The Urea Nitrogen assay is used for the quantitation of urea nitrogen in human serum, plasma, or urine. Measurements obtained by this device are used in diagnosis and treatment of certain renal and metabolic diseases.

Urea Nitrogen is an in vitro diagnostic assay for the quantitative determination of urea nitrogen in human serum, plasma, or urine. The Urea Nitrogen assay is a clinical chemistry assay in which the urea in the sample is hydrolyzed by urease to ammonia (NH3) and carbon dioxide (CO2). A second reaction, catalyzed by glutamate dehydrogenase (GLDH), converts ammonia and a-ketoglutarate to glutamate and water with the concurrent oxidation of reduced nicotinamide adenine dinucleotide (NADH) to nicotinamide adenine dinucleotide (NAD). Two moles of NADH are oxidized for each mole of urea present. The initial rate of decrease in absorbance at 340/380 nm is proportional to the urea concentration in the sample.

Here's a breakdown of the acceptance criteria and study information based on the provided 510(k) summary for the Urea Nitrogen assay:

1. Table of Acceptance Criteria and Reported Device Performance

The 510(k) summary for the Urea Nitrogen assay focuses on demonstrating "substantial equivalence" to a predicate device rather than defining specific, prescriptive acceptance criteria. Substantial equivalence implies that the performance of the new device is comparable to the predicate such that it can be marketed for the same intended use without raising new questions of safety or effectiveness.

Therefore, the "acceptance criteria" are implied by the performance of the predicate device and the new device's ability to demonstrate similar performance characteristics.

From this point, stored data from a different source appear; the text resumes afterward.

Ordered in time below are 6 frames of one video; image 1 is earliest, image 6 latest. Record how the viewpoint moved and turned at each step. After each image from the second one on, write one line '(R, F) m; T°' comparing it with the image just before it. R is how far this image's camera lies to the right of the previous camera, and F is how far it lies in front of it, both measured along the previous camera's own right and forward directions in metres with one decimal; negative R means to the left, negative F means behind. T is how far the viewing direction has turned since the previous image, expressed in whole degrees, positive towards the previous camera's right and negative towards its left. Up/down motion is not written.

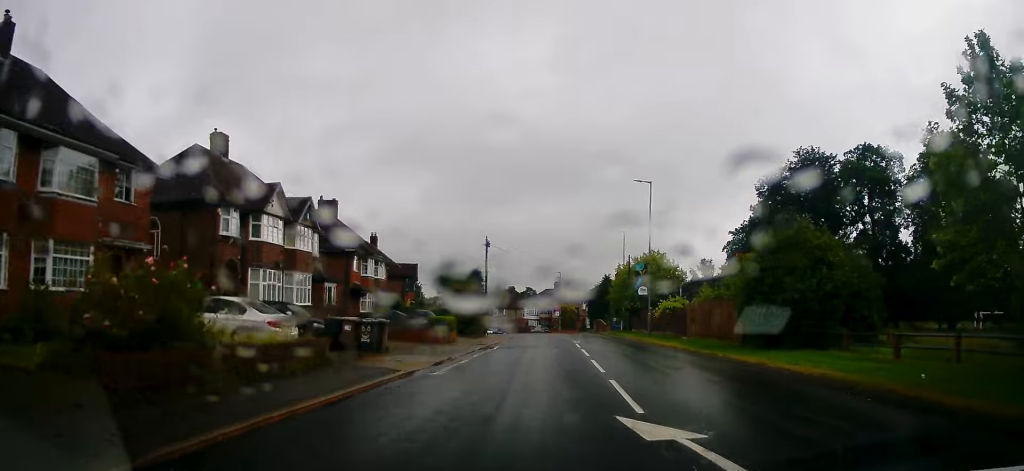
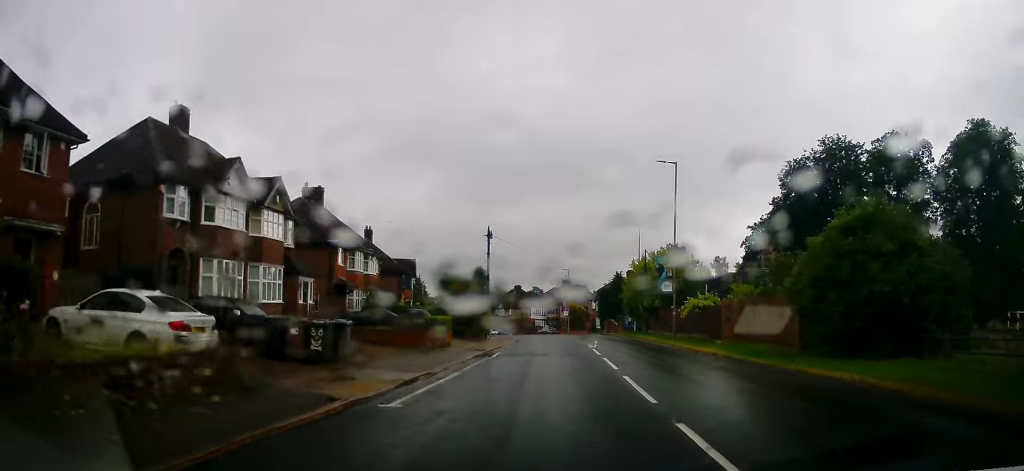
(+0.3, +5.1) m; 0°
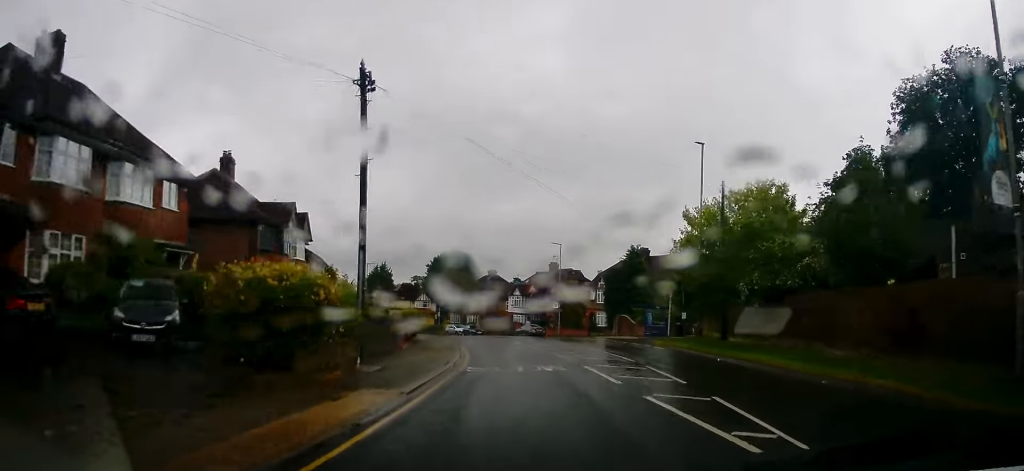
(-0.3, +26.4) m; 0°
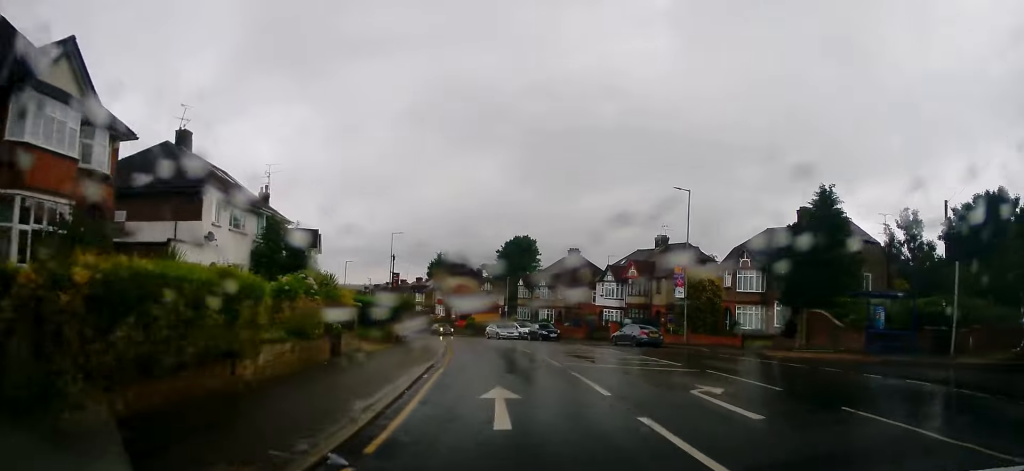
(-1.2, +26.2) m; -6°
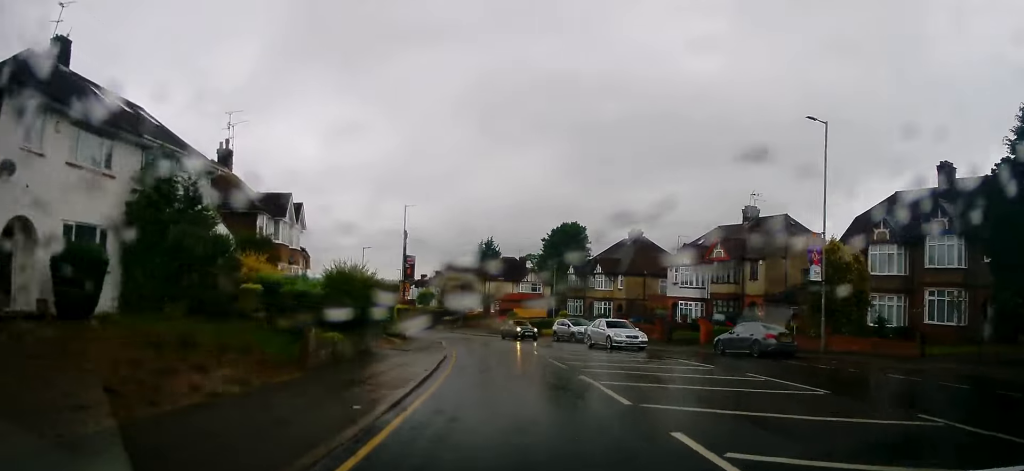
(-0.6, +13.4) m; -4°
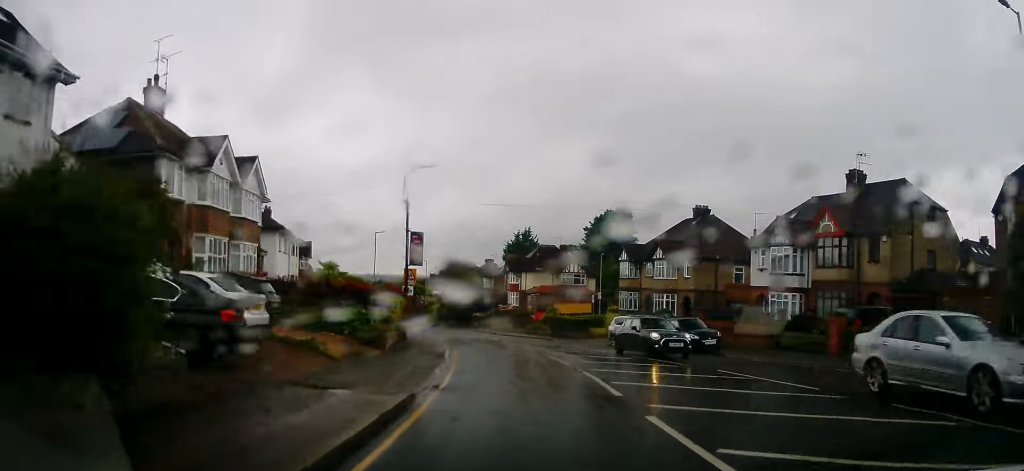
(-0.3, +11.5) m; -4°

2. Sample Size Used for the Test Set and Data Provenance

• Sample Size: Not explicitly stated in the provided text for the method comparison or precision studies.
• Data Provenance: Not specified. It's common for such studies to use human serum, plasma, or urine samples, but the country of origin or whether they were retrospective or prospective is not mentioned.

3. Number of Experts Used to Establish Ground Truth for the Test Set and Qualifications of those Experts

This type of information is generally not applicable to in vitro diagnostic (IVD) assays that measure specific chemical analytes like urea nitrogen. The "ground truth" for these tests isn't established by expert consensus or interpretation of images, but rather by quantitative chemical methods. The comparison is made to a legally marketed predicate device, whose own performance characteristics (including accuracy against reference methods) would have been established previously.

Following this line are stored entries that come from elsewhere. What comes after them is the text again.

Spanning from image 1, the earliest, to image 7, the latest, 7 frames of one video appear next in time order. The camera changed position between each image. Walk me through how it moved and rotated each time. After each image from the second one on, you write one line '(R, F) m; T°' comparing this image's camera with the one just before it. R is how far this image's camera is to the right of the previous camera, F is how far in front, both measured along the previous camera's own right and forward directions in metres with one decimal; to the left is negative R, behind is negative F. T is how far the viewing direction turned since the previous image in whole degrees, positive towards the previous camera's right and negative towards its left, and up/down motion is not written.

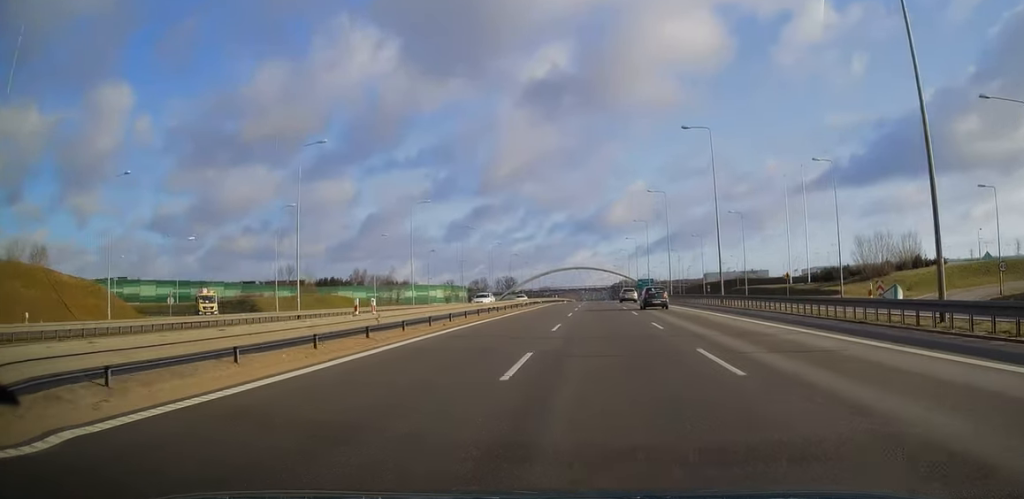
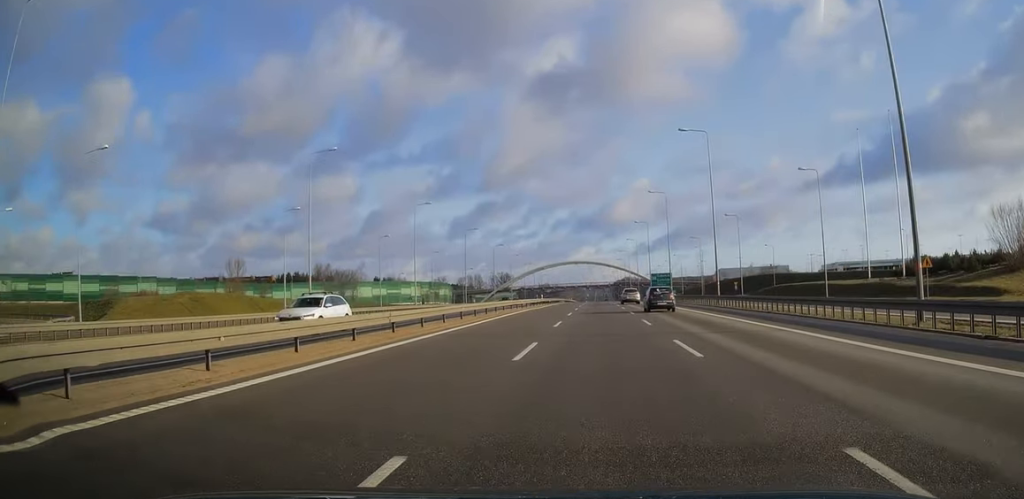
(-0.1, +32.7) m; 0°
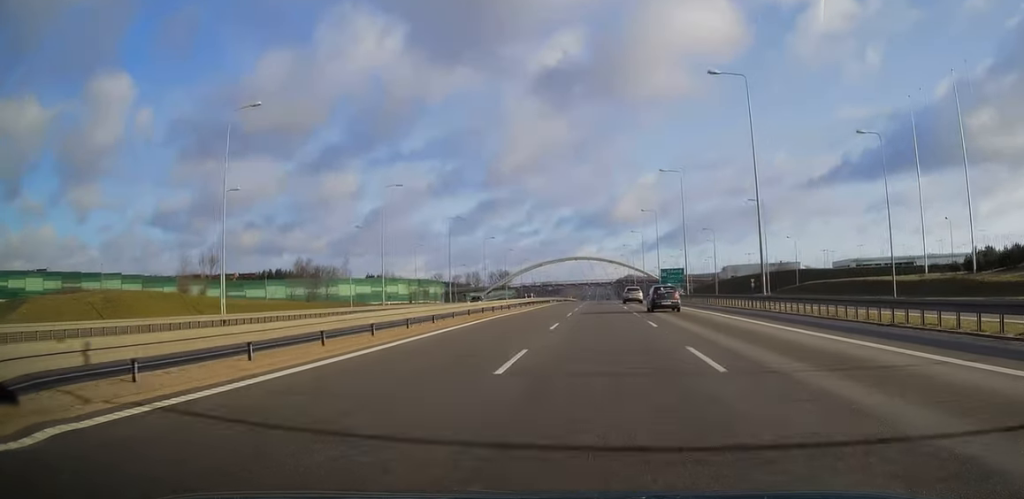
(0.0, +14.4) m; 0°
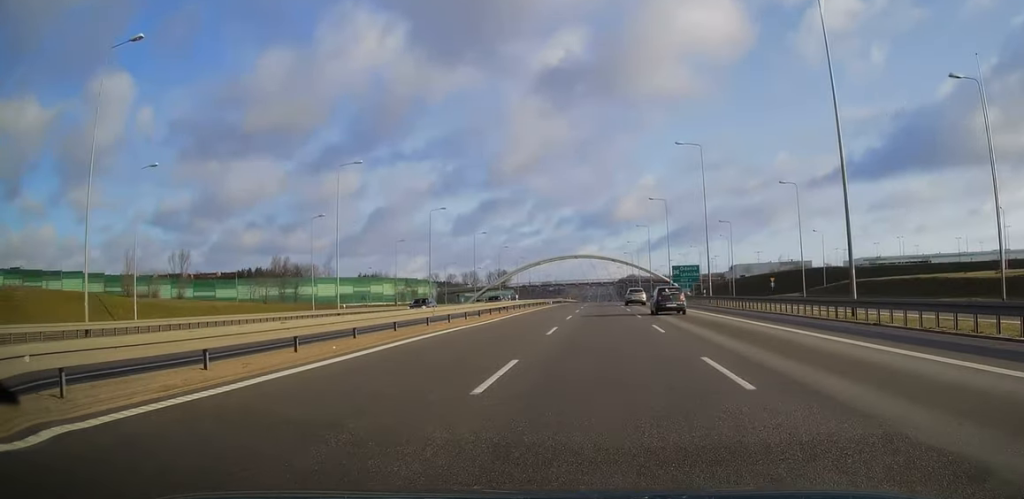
(0.0, +13.8) m; 0°
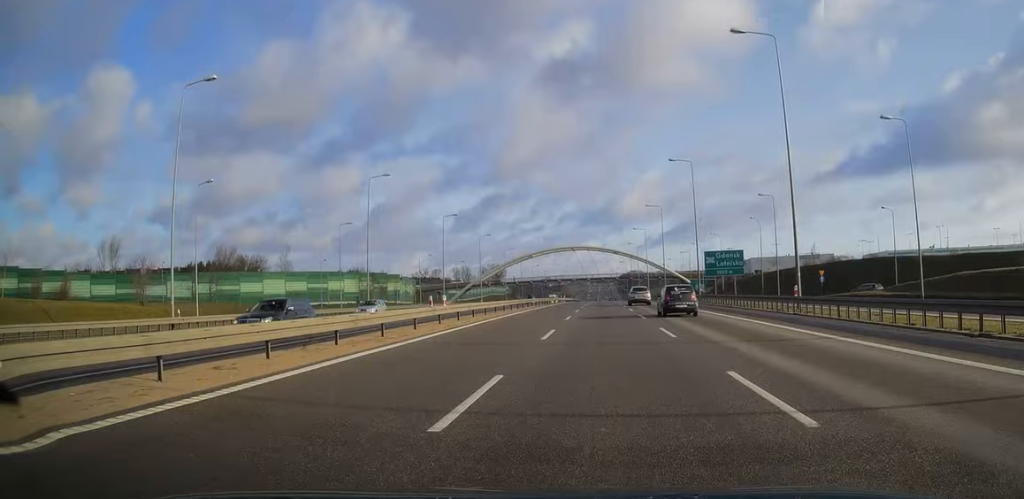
(-0.1, +26.1) m; 0°
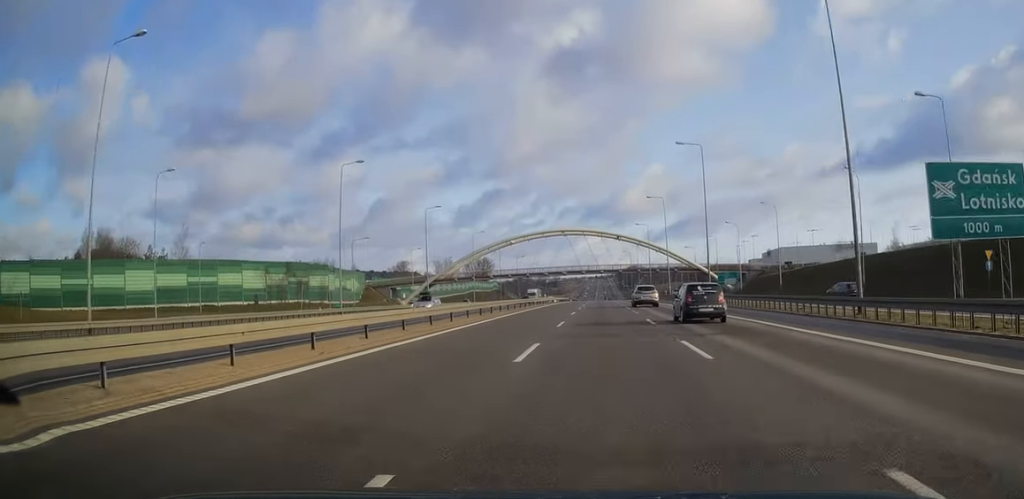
(-0.2, +41.5) m; 0°
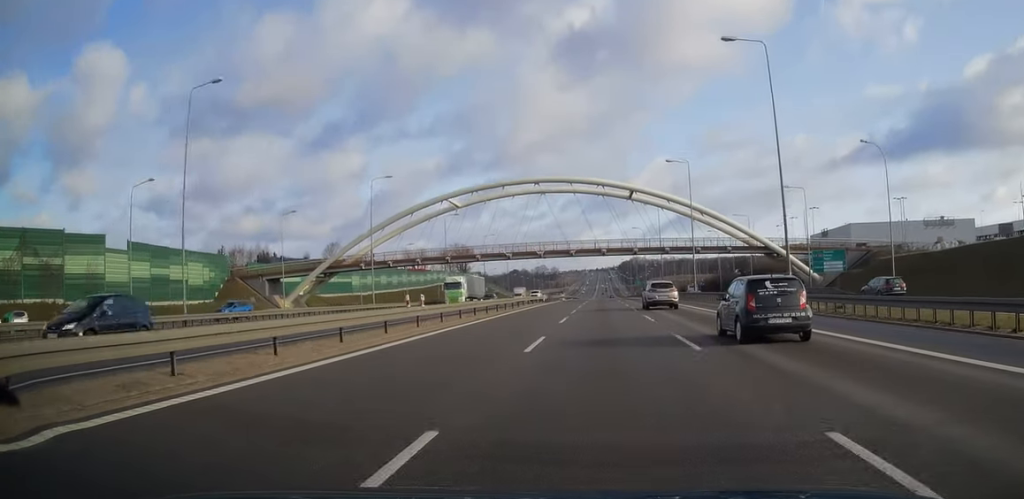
(0.0, +58.4) m; 0°

4. Adjudication Method for the Test Set

Not applicable. As described above, this is a quantitative chemical assay, not one that involves human adjudication of diagnostic interpretations.

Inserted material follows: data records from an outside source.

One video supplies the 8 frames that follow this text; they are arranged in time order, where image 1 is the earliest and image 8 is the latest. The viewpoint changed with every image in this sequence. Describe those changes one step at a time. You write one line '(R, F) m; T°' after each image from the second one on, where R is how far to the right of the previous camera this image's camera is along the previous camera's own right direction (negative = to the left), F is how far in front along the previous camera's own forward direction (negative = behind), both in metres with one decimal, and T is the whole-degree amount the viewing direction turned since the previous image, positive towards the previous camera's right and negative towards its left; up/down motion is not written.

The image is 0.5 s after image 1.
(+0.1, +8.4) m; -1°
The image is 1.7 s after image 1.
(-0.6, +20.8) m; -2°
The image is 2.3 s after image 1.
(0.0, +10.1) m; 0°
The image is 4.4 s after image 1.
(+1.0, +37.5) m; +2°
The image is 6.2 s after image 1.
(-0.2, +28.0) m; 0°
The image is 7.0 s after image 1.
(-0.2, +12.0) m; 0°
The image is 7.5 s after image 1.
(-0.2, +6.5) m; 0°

5. If a Multi-Reader Multi-Case (MRMC) Comparative Effectiveness Study was Done

No, a Multi-Reader Multi-Case (MRMC) comparative effectiveness study was not done. This type of study is relevant for imaging devices or AI-assisted diagnostic tools where human interpretation is a critical component, and the goal is to evaluate the impact of technology on reader performance. For a quantitative in vitro diagnostic assay, an MRMC study is not appropriate.

6. If a Standalone (i.e., algorithm only without human-in-the-loop performance) was Done

Yes, the performance characteristics described (method comparison, precision, linearity, sensitivity) are for the "algorithm only" or the device in standalone mode, as it's an automated in vitro diagnostic assay. There is no human-in-the-loop component in the direct measurement process of this device.

7. The Type of Ground Truth Used

The "ground truth" for this comparative study is the results obtained from the legally marketed predicate device, the Boehringer Mannheim® Urea Nitrogen assay on the Hitachi® 717 Analyzer. The new Urea Nitrogen assay's performance is compared directly against the results generated by this established predicate device.

8. The Sample Size for the Training Set

Not applicable. This is a traditional in vitro diagnostic assay, not a machine learning or AI-based device that requires a "training set" in the conventional sense. The "training" of the assay refers to its development and optimization by the manufacturer, but not through a data-driven machine learning process.

9. How the Ground Truth for the Training Set was Established

Not applicable, as there is no "training set" in the context of machine learning for this device. The accuracy and performance of the assay would be established internally by the manufacturer during product development using various analytical methods and potentially reference materials, but these are distinct from "ground truth" for a machine learning training set.